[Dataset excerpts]
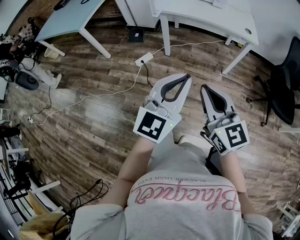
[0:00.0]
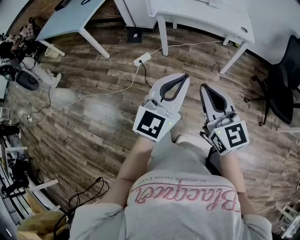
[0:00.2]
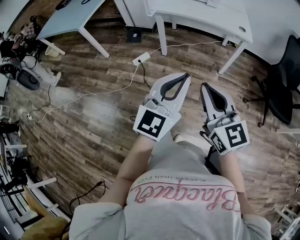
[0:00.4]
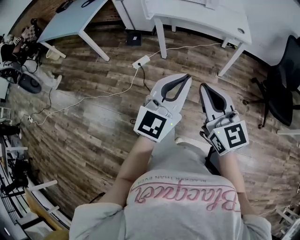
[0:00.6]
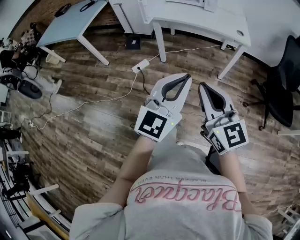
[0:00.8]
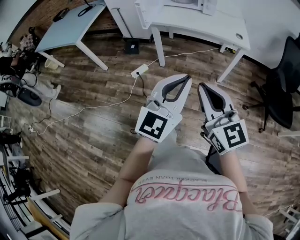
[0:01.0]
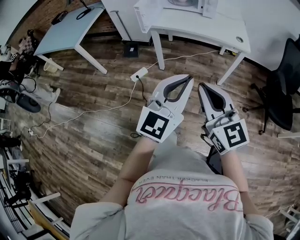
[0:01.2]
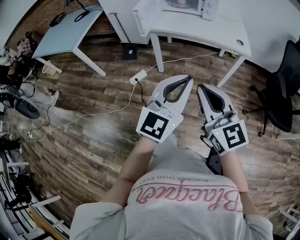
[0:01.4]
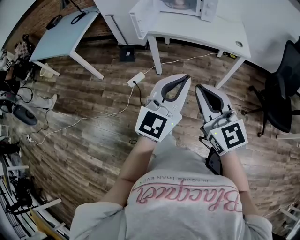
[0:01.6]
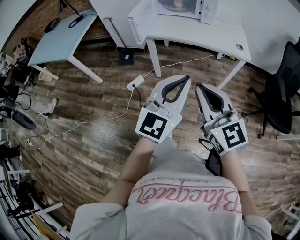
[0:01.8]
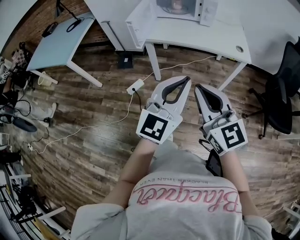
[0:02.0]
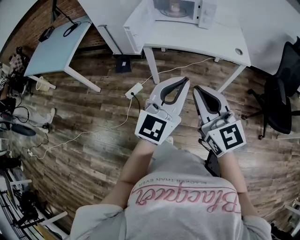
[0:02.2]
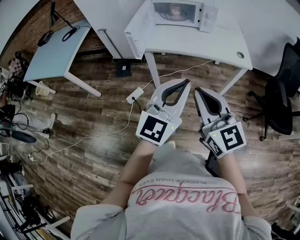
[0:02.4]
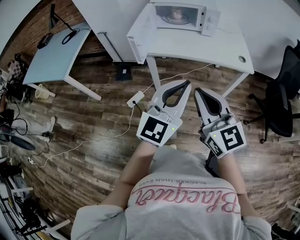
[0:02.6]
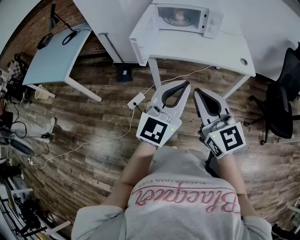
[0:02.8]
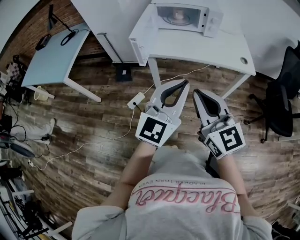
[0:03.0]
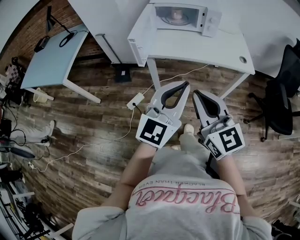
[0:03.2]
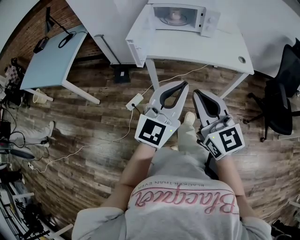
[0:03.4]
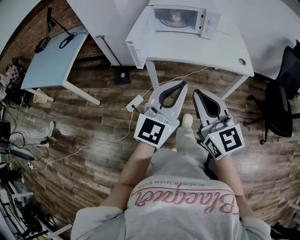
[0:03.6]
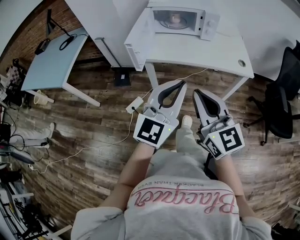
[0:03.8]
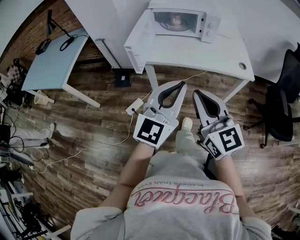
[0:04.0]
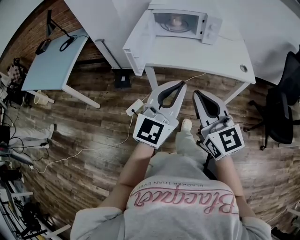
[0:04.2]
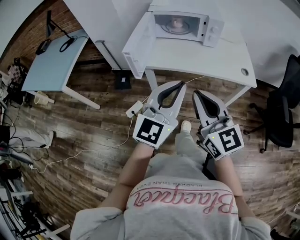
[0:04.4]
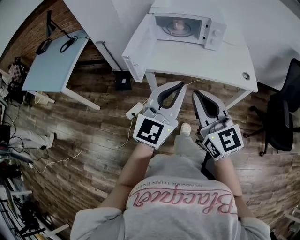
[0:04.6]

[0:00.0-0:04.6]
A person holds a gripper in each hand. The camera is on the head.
0:00.0 to 0:01.6: The right gripper shifts some 10 cm forward. Meanwhile the left gripper is displaced forward and to the right by roughly 15 cm.
0:01.6 to 0:03.0: The two grippers go roughly 15 cm forward and to the left.
0:03.0 to 0:04.6: The two grippers go approximately 10 cm forward.
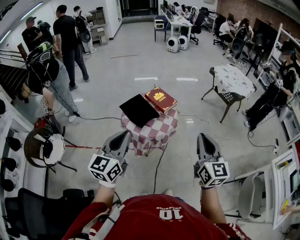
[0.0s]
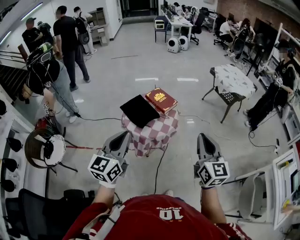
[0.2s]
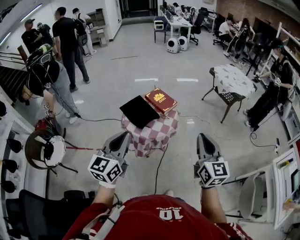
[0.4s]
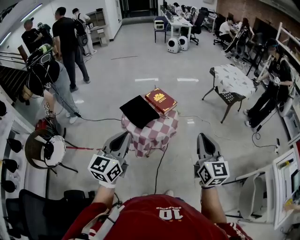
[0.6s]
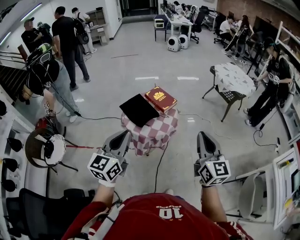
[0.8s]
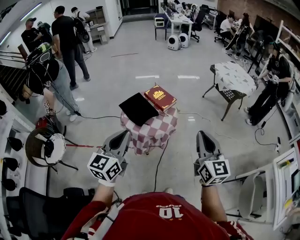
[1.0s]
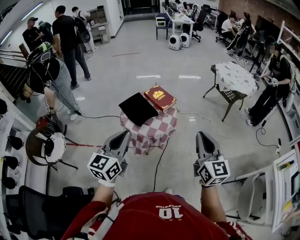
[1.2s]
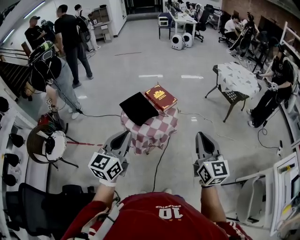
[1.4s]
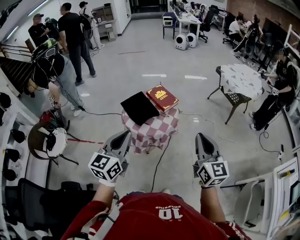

Problem requirements ->
Output the data verbatim, images excluded.

Answer for the task ->
[0:00.0]
[0:00.2]
[0:00.4]
[0:00.6]
[0:00.8]
[0:01.0]
[0:01.2]
[0:01.4]
[0:01.6]
[0:01.8]
[0:02.0]
[0:02.2]
[0:02.4]
[0:02.6]
[0:02.8]
[0:03.0]
[0:03.2]
[0:03.4]
[0:03.6]
[0:03.8]
[0:04.0]
[0:04.2]
[0:04.4]
[0:04.6]

[0:00.0-0:04.6]
A person holds a gripper in each hand. The camera is on the head.
0:00.0 to 0:01.6: The right gripper shifts some 10 cm forward. Meanwhile the left gripper is displaced forward and to the right by roughly 15 cm.
0:01.6 to 0:03.0: The two grippers go roughly 15 cm forward and to the left.
0:03.0 to 0:04.6: The two grippers go approximately 10 cm forward.
[0.0s]
[0.2s]
[0.4s]
[0.6s]
[0.8s]
[1.0s]
[1.2s]
[1.4s]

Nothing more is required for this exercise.